If we want to delete a topic, we issue the following command. Take note that, if the configuration delete.topic.enabled is not set, the topic will just be marked for deletion, not removed:

docker exec -t -i kafkalab_kafka_1 /opt/kafka/bin/kafka-topics.sh 
--delete --zookeeper ${MY_IP}:2181 --topic test

Other Kafka admin operations

Let’s now see other Kafka admin operations. First, let’s create a new topic to test it out:

docker exec -t -i kafkalab_kafka_1 /opt/kafka/bin/kafka-topics.sh 
--create --zookeeper ${MY_IP}:2181 --replication-factor 1 
--partitions 3 --topic mytopic

The first operation we will see is preferred replica election. When Kafka creates a topic, at first, the partition leaders are spread out as evenly as possible, reducing impact risks on nodes going down.
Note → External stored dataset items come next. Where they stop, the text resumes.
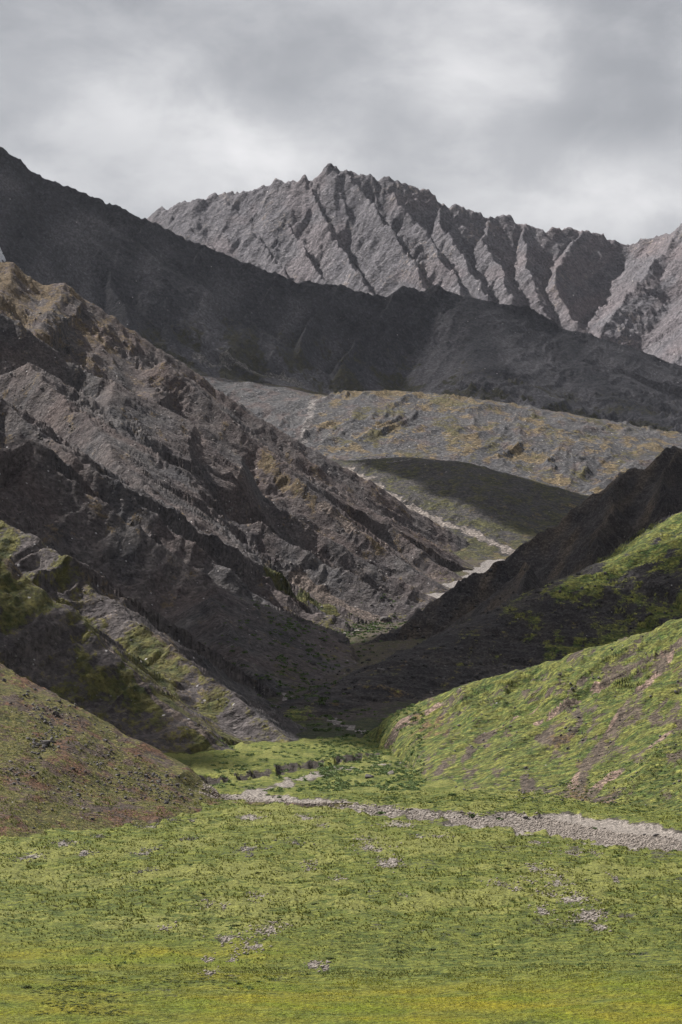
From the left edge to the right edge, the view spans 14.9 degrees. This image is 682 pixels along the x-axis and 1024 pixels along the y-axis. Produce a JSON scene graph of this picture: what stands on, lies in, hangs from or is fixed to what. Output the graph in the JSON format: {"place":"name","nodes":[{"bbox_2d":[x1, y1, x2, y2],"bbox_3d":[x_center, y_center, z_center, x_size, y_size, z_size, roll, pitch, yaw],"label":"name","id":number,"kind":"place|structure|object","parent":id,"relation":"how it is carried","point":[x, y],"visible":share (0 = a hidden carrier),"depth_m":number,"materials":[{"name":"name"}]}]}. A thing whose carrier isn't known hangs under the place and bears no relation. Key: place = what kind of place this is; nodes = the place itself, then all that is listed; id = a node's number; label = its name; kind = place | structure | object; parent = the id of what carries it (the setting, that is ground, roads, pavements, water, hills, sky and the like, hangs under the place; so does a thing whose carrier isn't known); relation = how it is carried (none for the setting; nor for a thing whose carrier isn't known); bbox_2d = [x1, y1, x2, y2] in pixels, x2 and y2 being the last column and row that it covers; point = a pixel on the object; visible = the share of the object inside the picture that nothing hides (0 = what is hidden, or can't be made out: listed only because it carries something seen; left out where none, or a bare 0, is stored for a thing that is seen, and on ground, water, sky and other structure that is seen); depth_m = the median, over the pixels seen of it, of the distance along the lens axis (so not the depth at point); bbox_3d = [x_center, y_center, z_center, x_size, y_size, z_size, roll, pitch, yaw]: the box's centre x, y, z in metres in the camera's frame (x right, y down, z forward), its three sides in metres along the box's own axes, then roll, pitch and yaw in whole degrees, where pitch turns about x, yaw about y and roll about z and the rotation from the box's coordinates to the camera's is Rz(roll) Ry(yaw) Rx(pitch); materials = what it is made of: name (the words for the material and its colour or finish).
{"place":"outdoors","nodes":[
{"label":"outdoors","id":0,"kind":"place"},
{"bbox_2d":[0,248,5,261],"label":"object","id":1,"kind":"structure","parent":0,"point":[2,257],"depth_m":3935.25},
{"bbox_2d":[0,663,352,836],"bbox_3d":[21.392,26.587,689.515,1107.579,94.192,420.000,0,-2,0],"label":"front hill","id":2,"kind":"structure","parent":0,"point":[13,686],"depth_m":601.99,"materials":[{"name":"green plant"}]},
{"bbox_2d":[41,740,50,745],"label":"boulder","id":3,"kind":"object","parent":2,"relation":"on","point":[46,742],"visible":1,"depth_m":609.14,"materials":[{"name":"grey stone"}]},
{"bbox_2d":[52,711,59,716],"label":"boulder","id":4,"kind":"object","parent":2,"relation":"on","point":[56,713],"visible":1,"depth_m":654.30,"materials":[{"name":"stone"}]},
{"bbox_2d":[1,688,218,828],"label":"rubble","id":5,"kind":"object","parent":2,"relation":"on","point":[73,768],"visible":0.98,"depth_m":611.62,"materials":[{"name":"stone"}]},
{"bbox_2d":[0,262,474,753],"bbox_3d":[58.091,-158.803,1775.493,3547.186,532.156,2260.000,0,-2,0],"label":"mountain","id":6,"kind":"structure","parent":0,"point":[43,610],"depth_m":1550.24,"materials":[{"name":"grey stone"}]},
{"bbox_2d":[0,289,449,738],"bbox_3d":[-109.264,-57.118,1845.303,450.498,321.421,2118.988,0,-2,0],"label":"talus blocks","id":7,"kind":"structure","parent":6,"relation":"on","point":[117,542],"depth_m":1435.00,"materials":[{"name":"grey stone"}]},
{"bbox_2d":[380,616,389,620],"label":"boulder","id":8,"kind":"object","parent":6,"relation":"on","point":[384,618],"visible":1,"depth_m":1782.09,"materials":[{"name":"grey stone"}]},
{"bbox_2d":[0,709,681,1023],"bbox_3d":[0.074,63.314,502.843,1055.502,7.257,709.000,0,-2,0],"label":"meadow","id":9,"kind":"structure","parent":0,"point":[278,992],"depth_m":400.69,"materials":[{"name":"green plant"}]},
{"bbox_2d":[3,817,432,878],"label":"dark stones","id":10,"kind":"object","parent":9,"relation":"on","point":[83,853],"visible":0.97,"depth_m":501.12,"materials":[{"name":"grey stone"}]},
{"bbox_2d":[210,701,426,795],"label":"willow thicket","id":11,"kind":"object","parent":9,"relation":"on","point":[326,773],"visible":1,"depth_m":712.83,"materials":[{"name":"green plant"}]},
{"bbox_2d":[0,970,681,1023],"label":"yellow grass","id":12,"kind":"structure","parent":9,"relation":"on","point":[347,982],"depth_m":320.33,"materials":[{"name":"yellow plant"}]},
{"bbox_2d":[0,841,681,1015],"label":"heath","id":13,"kind":"object","parent":9,"relation":"on","point":[109,996],"visible":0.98,"depth_m":354.97,"materials":[{"name":"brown plant"}]},
{"bbox_2d":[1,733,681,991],"bbox_3d":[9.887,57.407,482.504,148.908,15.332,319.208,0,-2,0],"label":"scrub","id":14,"kind":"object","parent":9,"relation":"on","point":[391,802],"visible":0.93,"depth_m":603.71,"materials":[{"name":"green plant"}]},
{"bbox_2d":[365,774,373,778],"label":"boulder","id":15,"kind":"object","parent":9,"relation":"on","point":[367,776],"visible":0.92,"depth_m":687.35,"materials":[{"name":"grey stone"}]},
{"bbox_2d":[154,811,639,978],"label":"stones","id":16,"kind":"object","parent":9,"relation":"on","point":[211,959],"visible":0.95,"depth_m":414.46,"materials":[{"name":"grey stone"}]},
{"bbox_2d":[196,781,681,851],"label":"gravel","id":17,"kind":"structure","parent":9,"relation":"on","point":[569,829],"depth_m":560.48,"materials":[{"name":"grey gravel"}]},
{"bbox_2d":[0,147,681,432],"bbox_3d":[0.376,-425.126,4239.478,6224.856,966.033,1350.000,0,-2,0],"label":"dark mountain","id":18,"kind":"structure","parent":0,"point":[201,310],"depth_m":4116.72,"materials":[{"name":"grey stone"}]},
{"bbox_2d":[0,0,681,244],"label":"sky","id":19,"kind":"structure","parent":0,"point":[543,114],"materials":[{"name":"grey"}]},
{"bbox_2d":[239,381,502,738],"bbox_3d":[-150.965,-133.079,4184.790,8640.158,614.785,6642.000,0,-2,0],"label":"valley floor","id":20,"kind":"structure","parent":0,"point":[354,720],"depth_m":1006.20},
{"bbox_2d":[204,593,412,736],"bbox_3d":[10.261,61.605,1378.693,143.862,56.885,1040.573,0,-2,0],"label":"stream scrub","id":21,"kind":"object","parent":20,"relation":"on","point":[370,626],"visible":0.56,"depth_m":1093.08,"materials":[{"name":"green plant"}]},
{"bbox_2d":[147,163,681,365],"bbox_3d":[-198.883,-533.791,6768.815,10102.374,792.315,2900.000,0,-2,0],"label":"mountain","id":22,"kind":"structure","parent":0,"point":[330,223],"depth_m":6392.03,"materials":[{"name":"grey stone"}]},
{"bbox_2d":[203,376,681,495],"bbox_3d":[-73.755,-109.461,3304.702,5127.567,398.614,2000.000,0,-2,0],"label":"hillside","id":23,"kind":"structure","parent":0,"point":[577,453],"depth_m":3273.75,"materials":[{"name":"grey stone"}]},
{"bbox_2d":[330,457,588,560],"bbox_3d":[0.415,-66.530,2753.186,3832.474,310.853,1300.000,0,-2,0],"label":"dark hill","id":24,"kind":"structure","parent":0,"point":[485,512],"depth_m":2739.15,"materials":[{"name":"grey stone"}]},
{"bbox_2d":[277,446,681,811],"bbox_3d":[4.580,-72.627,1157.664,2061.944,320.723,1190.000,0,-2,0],"label":"hill","id":25,"kind":"structure","parent":0,"point":[627,523],"depth_m":962.01,"materials":[{"name":"green plant"}]},
{"bbox_2d":[376,668,384,672],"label":"boulder","id":26,"kind":"object","parent":25,"relation":"on","point":[380,670],"visible":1,"depth_m":1002.67,"materials":[{"name":"grey stone"}]},
{"bbox_2d":[310,564,681,701],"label":"scree blocks","id":27,"kind":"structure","parent":25,"relation":"on","point":[462,648],"depth_m":1069.37,"materials":[{"name":"grey stone"}]},
{"bbox_2d":[452,633,680,805],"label":"slope stones","id":28,"kind":"object","parent":25,"relation":"on","point":[525,767],"visible":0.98,"depth_m":676.75,"materials":[{"name":"grey stone"}]}
]}

However, after some time, this distribution could be compromised, due to nodes going down and up several times, inducing on several rebalances. This could be specially problematic on a small cluster.

The preferred replica election operation tries to rebalance a topic to as closest as possible to his original partition leader distribution, solving the distribution problem. This is done with the following command:

docker exec -t -i kafkalab_kafka_1 
/opt/kafka/bin/kafka-preferred-replica-election.sh 
--zookeeper ${MY_IP}:2181

IMPORTANT: This command triggers rebalances on all topics from the cluster, so it must be used with care.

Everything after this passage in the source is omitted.